Long, 100 page, poem in three main parts. Each consists of a mixture of prose narrative (the first two parts have subtitles, often but not always naming women that appear in them) and lineated poems. The first part is set in the – rural – south, to the music of work songs, the second in the – urban – north with a more upbeat jazzy feel, and the third part (‘Kabnis’, named after a character that Toomer identified as himself) returns to the south with a more immediately harder and authoritative form, perhaps derived from increased concision.

It was published in 1923, and was an important part of the “Harlem Renaissance”. One noteworthy quality of the prose was – I felt – the way that the first section treats its women with puzzlement (Louisa thinks “Where were they, these people? She’d sing, and perhaps they’d come out and join her. Perhaps Tom Burwell would come”, as Tom is being murdered by a mob for jealousy killing another of her lovers), whereas in the second the desire of men is more opaque, and the women are referred to with slang about “educated, middle class Afro-Americans who behave… snobbish” (I want to apologise for previously using the word in this blog post, which I probably did out of some sense of guilt or remorse for the use of similar terms, ones which I recognise, unlike this one, in lots of modernist literature, and trying to be matter of fact about misogyny, etc.). Perhaps the lineated poems can seen as a commentary on these sex roles.

The last section definitely seems to enact narrative and symbolic closure, as the repeating use of ‘song’ becomes ‘soul’ and a peripheral character claims that ‘sin’ is the “lies. O… th white folks… when they made th Bible lie”. It closes with an image of the sun rising for sexual love and consummation.

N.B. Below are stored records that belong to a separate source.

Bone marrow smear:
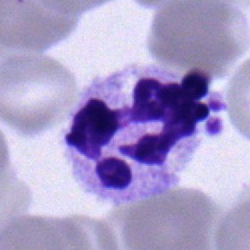
Showing a segmented neutrophil.
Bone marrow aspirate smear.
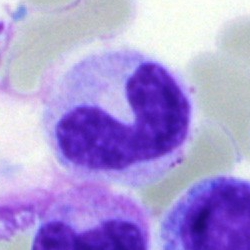
The cell is stab cell.
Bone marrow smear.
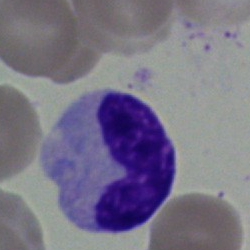

Cell type = stab cell.
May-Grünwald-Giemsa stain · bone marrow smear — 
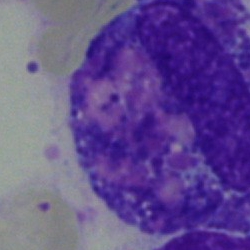

This is an other cell type.
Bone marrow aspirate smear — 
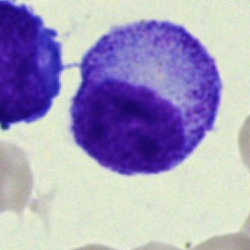

Q: What cell is this?
A: It is a myelocyte.
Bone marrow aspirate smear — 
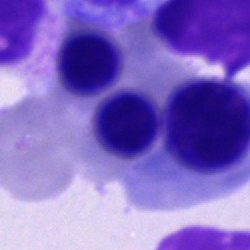Q: What is the morphological classification of this cell?
A: A normoblast.
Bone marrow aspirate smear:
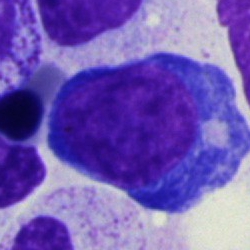

Morphology → normoblast.
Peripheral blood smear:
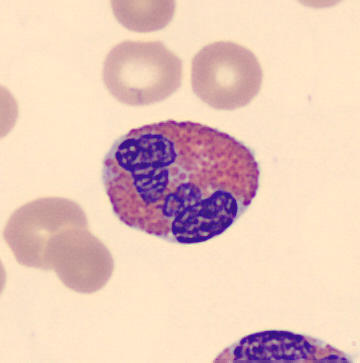 Cell — eosinophil.
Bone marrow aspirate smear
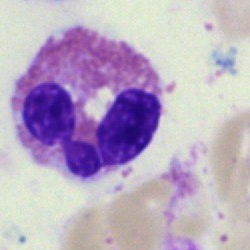 Classification = basophil.
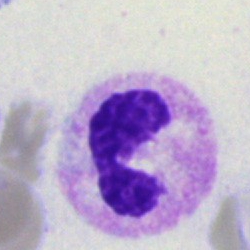
{"cell_type": "neutrophil (segmented)", "lineage": "myeloid"}
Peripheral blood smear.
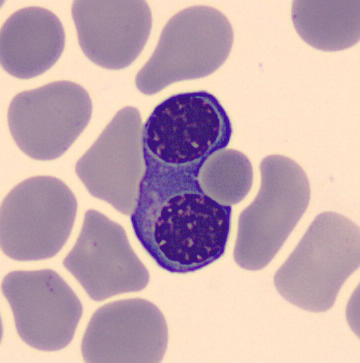 Impression → nucleated red cell.
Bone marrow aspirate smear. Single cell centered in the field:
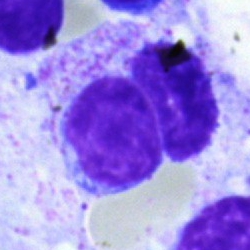
Impression → typical lymphocyte.
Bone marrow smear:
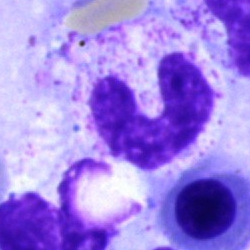The cell shown is a band-form neutrophil.
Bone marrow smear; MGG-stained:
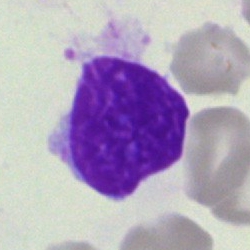 Q: What is shown here?
A: An artifact.
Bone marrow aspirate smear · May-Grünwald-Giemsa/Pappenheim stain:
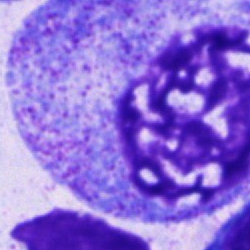 Cell — promyelocyte.
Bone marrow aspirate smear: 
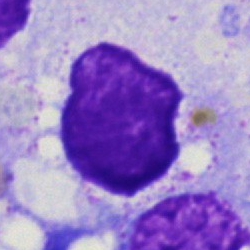
This is an artefact.
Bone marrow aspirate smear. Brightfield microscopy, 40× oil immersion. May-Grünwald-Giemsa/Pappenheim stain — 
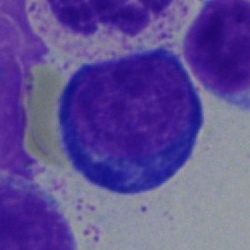
Specimen: bone marrow aspirate smear.
Morphological class: proerythroblast.
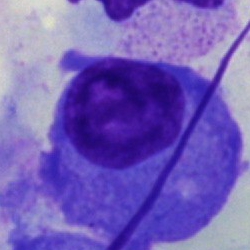
Cell — plasmacyte.
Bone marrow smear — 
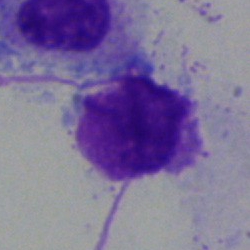

Cell — artefact.
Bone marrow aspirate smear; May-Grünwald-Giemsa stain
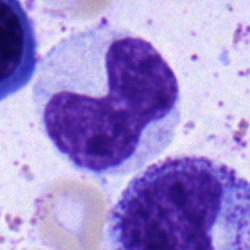 A band neutrophil.
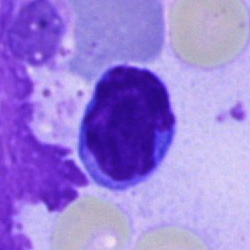
Cell = typical lymphocyte.
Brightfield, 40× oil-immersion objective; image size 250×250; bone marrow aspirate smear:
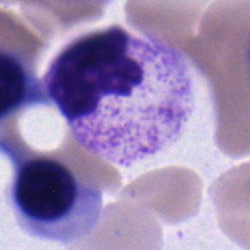 Specimen: bone marrow aspirate smear.
Cell: myelocyte.
Lineage: myeloid.
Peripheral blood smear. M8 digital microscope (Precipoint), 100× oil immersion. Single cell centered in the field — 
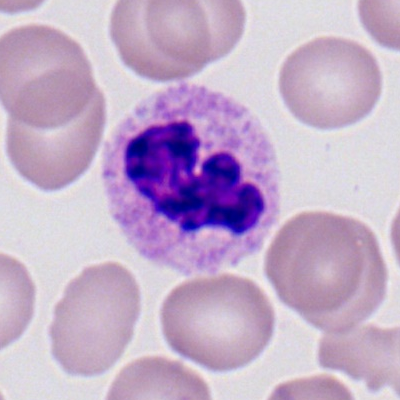
Morphology → polymorphonuclear neutrophil.
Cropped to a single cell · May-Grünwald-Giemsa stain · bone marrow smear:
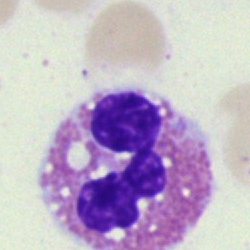

Morphological class: eosinophilic granulocyte.
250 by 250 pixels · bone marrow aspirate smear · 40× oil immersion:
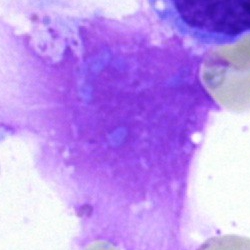Q: What is shown here?
A: Artefact.
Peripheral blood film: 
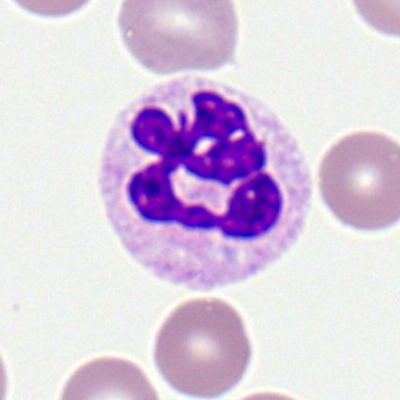 Morphology consistent with a segmented neutrophil.
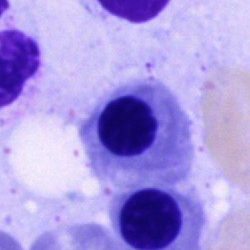
Showing a nucleated red cell.
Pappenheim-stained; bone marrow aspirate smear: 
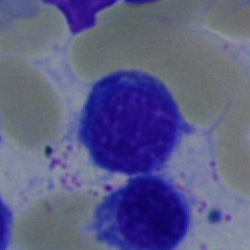 Impression → typical lymphocyte.
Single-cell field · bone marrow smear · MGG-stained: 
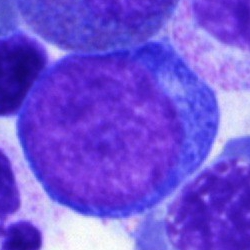This is a proerythroblast.
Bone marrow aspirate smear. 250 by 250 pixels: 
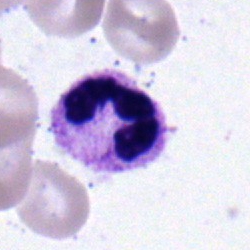
The cell shown is a polymorphonuclear neutrophil.
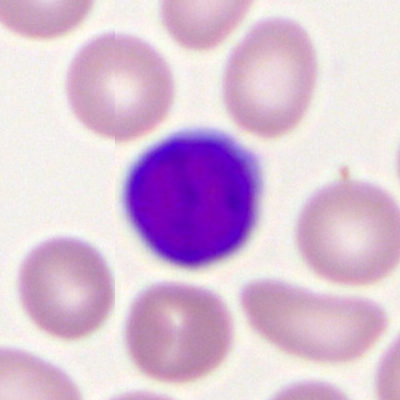

Cell = typical lymphocyte.
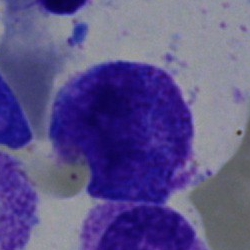Q: What is the morphological classification of this cell?
A: It is a progranulocyte.
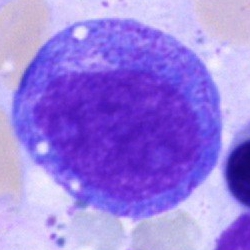
A promyelocyte.
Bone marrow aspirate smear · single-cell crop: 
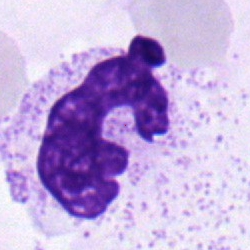
Q: Identify the cell.
A: A neutrophil (segmented).
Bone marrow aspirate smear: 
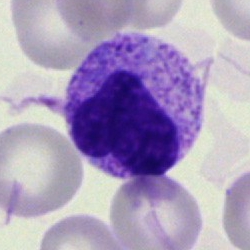Single cell identified as a metamyelocyte.
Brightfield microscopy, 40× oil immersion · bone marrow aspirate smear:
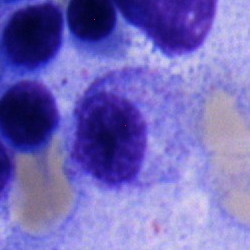

Showing a myelocyte.
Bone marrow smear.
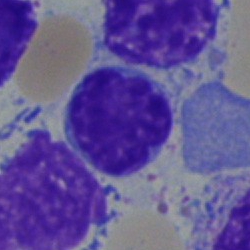
This is a typical lymphocyte.
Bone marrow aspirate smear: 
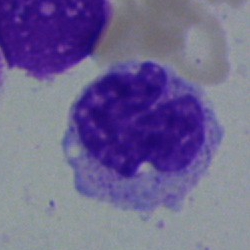
Morphology consistent with a monocyte.
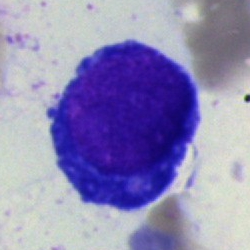
Specimen: bone marrow aspirate smear.
Morphological class: proerythroblast.
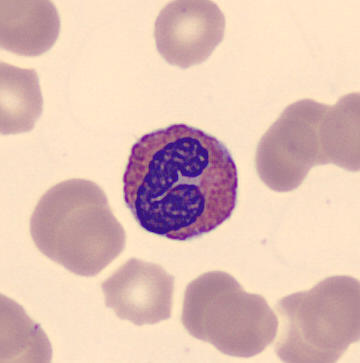Classification: eosinophil.
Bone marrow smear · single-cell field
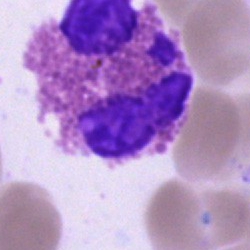
The cell type is eosinophilic granulocyte.
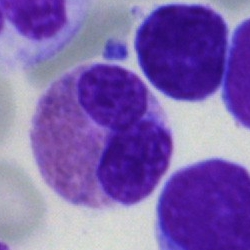

Cell — eosinophil.
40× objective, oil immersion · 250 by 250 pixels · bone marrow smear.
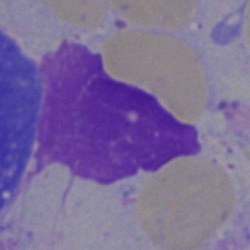 Single cell identified as an artefact.
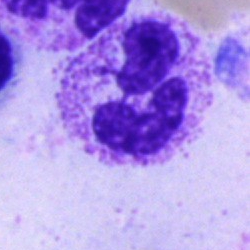Morphological class — neutrophil (segmented).
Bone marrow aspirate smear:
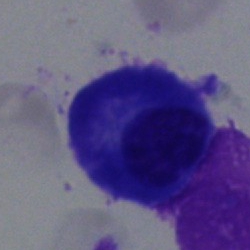 The classification is plasma cell.
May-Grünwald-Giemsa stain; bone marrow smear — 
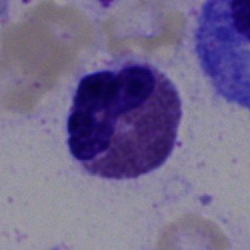

The cell type is eosinophil.
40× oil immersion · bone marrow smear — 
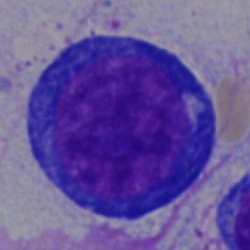

Morphology consistent with a proerythroblast.
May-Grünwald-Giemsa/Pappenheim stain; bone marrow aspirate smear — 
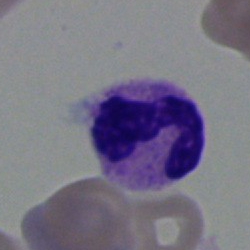

This is a neutrophil (segmented).
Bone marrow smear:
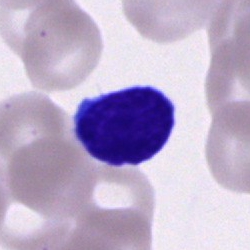

Classification — lymphocyte.
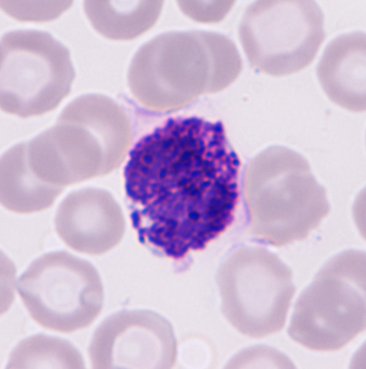Specimen: peripheral blood smear.
Cell: basophilic granulocyte.
Lineage: myeloid.
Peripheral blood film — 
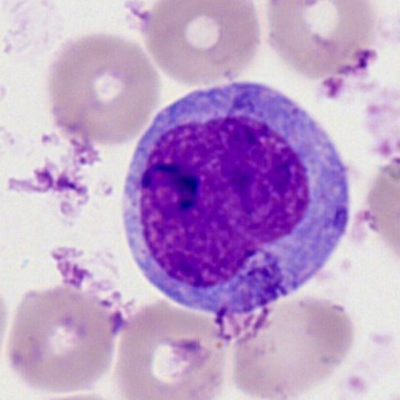

Specimen: peripheral blood film.
Cell type: myeloblast.
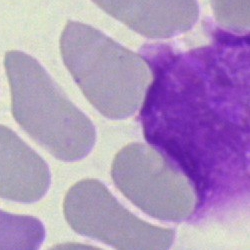The cell shown is an artefact.
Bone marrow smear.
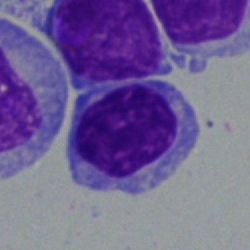

{"cell_type": "typical lymphocyte", "lineage": "lymphoid"}
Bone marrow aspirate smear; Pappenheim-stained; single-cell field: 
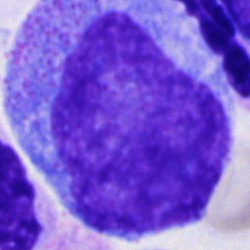

Q: Identify the cell.
A: Progranulocyte.
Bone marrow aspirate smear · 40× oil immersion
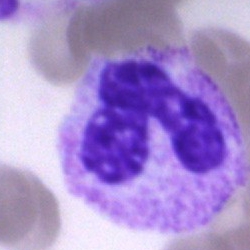 Morphology consistent with a neutrophil (segmented).
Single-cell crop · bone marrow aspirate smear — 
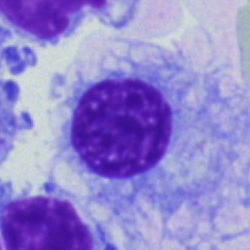

Q: What is shown here?
A: It is a plasmacyte.
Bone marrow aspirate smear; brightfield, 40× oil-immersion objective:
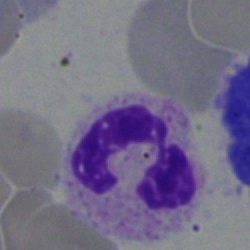Q: Identify the cell.
A: A neutrophil (segmented).
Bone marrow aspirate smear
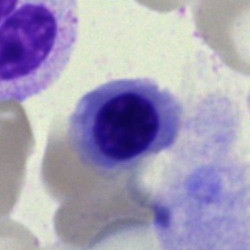 {"cell_type": "normoblast", "lineage": "erythroid"}
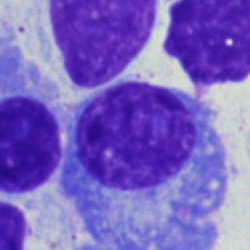 Impression — plasma cell.
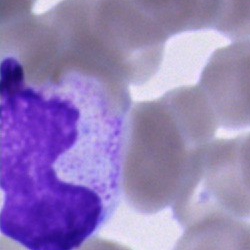
Showing an unidentifiable cell.
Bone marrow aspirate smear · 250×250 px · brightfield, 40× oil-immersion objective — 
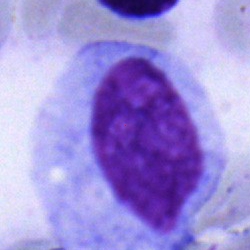

Morphology consistent with a promyelocyte.
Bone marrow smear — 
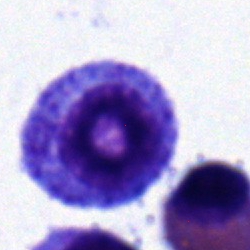

Morphological class = progranulocyte.
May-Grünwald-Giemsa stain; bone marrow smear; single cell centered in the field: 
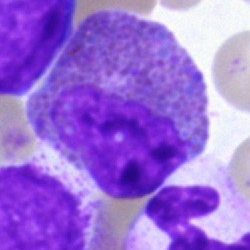Showing an eosinophilic granulocyte.
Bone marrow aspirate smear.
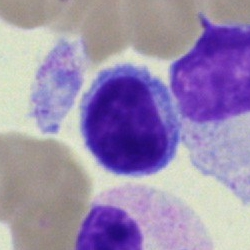 Cell type = typical lymphocyte.
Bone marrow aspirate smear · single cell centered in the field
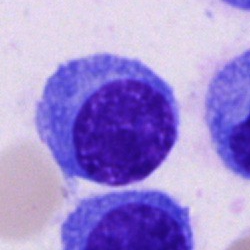

Q: Which cell type is shown here?
A: Plasmacyte.
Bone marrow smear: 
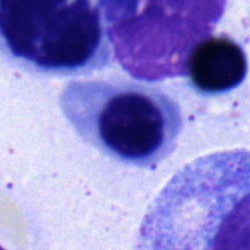Cell type — nucleated red cell.
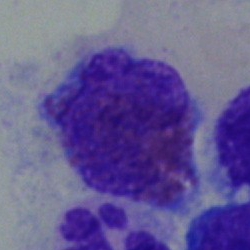 An eosinophilic granulocyte on a bone marrow smear.
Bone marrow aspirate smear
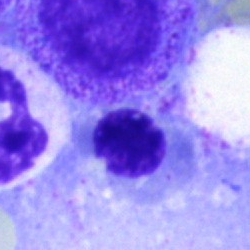

Nucleated red blood cell.
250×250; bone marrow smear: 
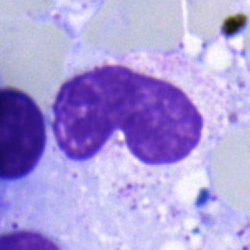 The cell shown is a band-form neutrophil.
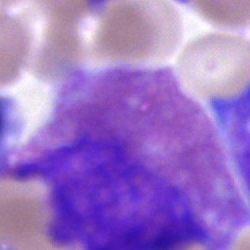 Cell type = eosinophil.
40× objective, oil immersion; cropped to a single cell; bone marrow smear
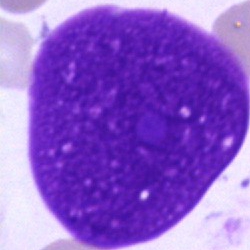Specimen: bone marrow smear.
Cell type: artifact.
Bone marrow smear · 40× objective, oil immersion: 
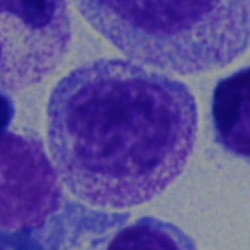 A myelocyte.
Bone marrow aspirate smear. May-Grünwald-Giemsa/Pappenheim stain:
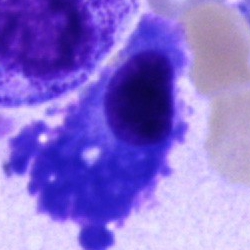Morphological class — plasma cell.
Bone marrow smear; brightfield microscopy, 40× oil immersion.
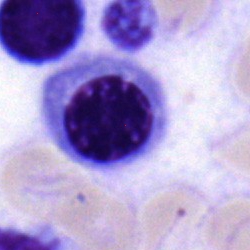Classification — normoblast.
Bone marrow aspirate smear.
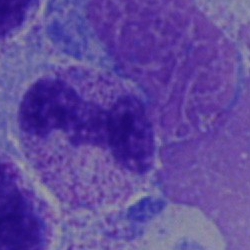

A segmented neutrophil.
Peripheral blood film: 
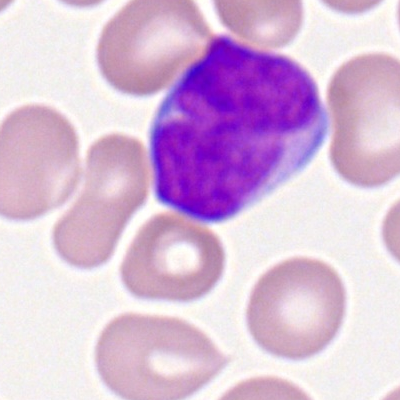 Q: What type of cell is this?
A: Myeloid blast.
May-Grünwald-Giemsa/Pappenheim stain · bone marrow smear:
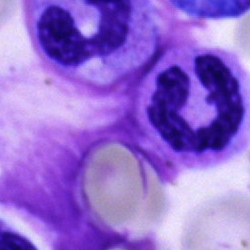
Segmented neutrophil.
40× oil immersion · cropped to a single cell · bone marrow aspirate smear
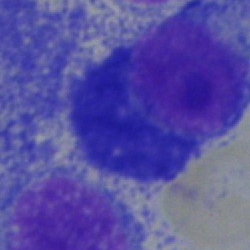 Specimen: bone marrow smear.
Cell: plasma cell.
Lineage: lymphoid.
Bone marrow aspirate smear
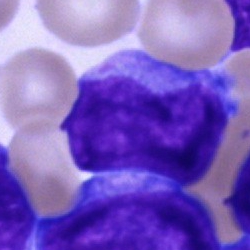

The cell type is blast.
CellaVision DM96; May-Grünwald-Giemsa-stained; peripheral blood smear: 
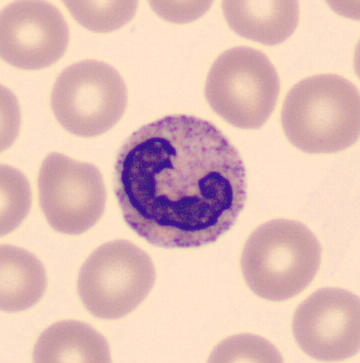
Q: What cell is this?
A: Neutrophil (band).
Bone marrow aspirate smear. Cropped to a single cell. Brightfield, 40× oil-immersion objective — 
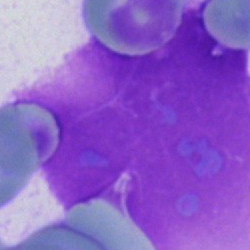Single cell identified as an artefact.
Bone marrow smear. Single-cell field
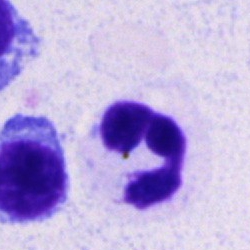
Showing a neutrophil (segmented).
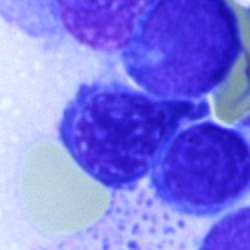

Q: Identify the cell.
A: It is an erythroblast.
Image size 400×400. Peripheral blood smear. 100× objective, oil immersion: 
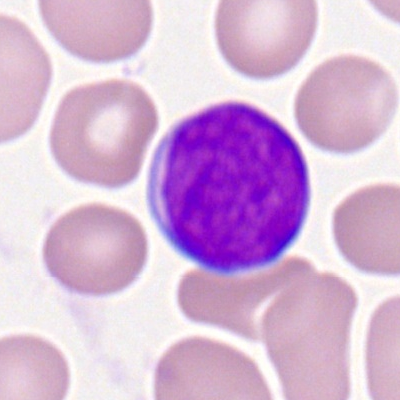

Specimen: peripheral blood smear.
Cell: myeloblast.
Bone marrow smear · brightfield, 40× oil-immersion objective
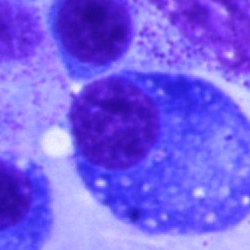
Showing a plasmacyte.

There is still the indeterminacy of whether “Jesus” is a lie or lied about. Part of the first section titled ‘Esther’ ends with a man, Barlo, whom Esther has spent much of her life obsessed with, recognizing her from a religious fit or trance he underwent when she was a child; at this point Esther suddenly finds Barlo repulsive, and she leaves him and her pursuit of him ,”steps out. There is no air, no street, and the town has completely disappeared”.

It’s shape / music is not immediately appealing, and its closure frustrated what was a sense of importance for the just mentioned scene and its universality.

However, there are moments to enjoy independent of those narrative tensions, such as the gradually more self conscious use of rich diction, the poetic / universal feel to some of the later lineated poems, and the sense of impermanent / threatened beauty in lives and ways of life (which his letters remarked on), especially the interplay of characters coming to terms with racism: “I came back to tell you, brother, that white faces are the petals of roses. That dark faces are petals of dusk. That I am going out to gather petals” (Bona and Paul).